I'm one of the last purely symbolic hold-outs in ILP I guess. But if you're interested in recent neurosymbolic work using MIL this is some recent work from my colleagues:

Abductive Knowledge Induction from Raw Data

https://www.ijcai.org/proceedings/2021/254

CyberDildonics · 2024-08-06T18:56:59 1722970619

once systems become neurosymbolic

What does this mean?

nextos · 2024-08-07T17:38:50 1723052330

There's a whole research area that tries to combine some ideas from symbolic AI with neural architectures.

IMHO, this might eventually become mainstream. For example, see all the work that merges theorem provers with RL and NN.

CyberDildonics · 2024-08-07T18:03:10 1723053790

What are examples of "symbolic AI", "neural architecture" and a system that is "neurosymbolic" ?

optimalsolver · 2024-08-11T08:15:58 1723364158

Almost everything that comes out of Deep Mind.

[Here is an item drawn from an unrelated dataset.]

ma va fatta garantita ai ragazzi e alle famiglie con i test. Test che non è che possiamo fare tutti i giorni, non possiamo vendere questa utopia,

CyberDildonics · 2024-08-12T15:36:32 1723476992

What makes it symbolic?

optimalsolver · 2024-08-12T19:02:37 1723489357

There's usually a DL part (the neural network), welded together with a classical AI algorithm, e.g. Monte Carlo Tree Search, or some kind of theorem prover.

CyberDildonics · 2024-08-14T02:28:58 1723602538

What's the symbolic part? What does 'DL' mean here?

optimalsolver · 2024-08-15T21:43:41 1723758221

The symbolic part is the MCTS and/or theorem prover. DL is deep learning, i.e. the multilayered neural network. Neurosymbolic approaches form a significant branch of current machine learning. You can read up on all of it if you're actually curious and asking all this in good faith, but I suspect you're not.

tomsmeding · 2024-08-03T21:40:28 1722721228

Another relevant publication in this line of research: https://dl.acm.org/doi/10.1145/3632919

6gvONxR4sf7o · 2024-08-04T01:04:35 1722733475

I did some work on this about a decade ago, using RL on STLC, and that was the same problem I faced. It’s too bad so few well typed expression trees are very useful programs.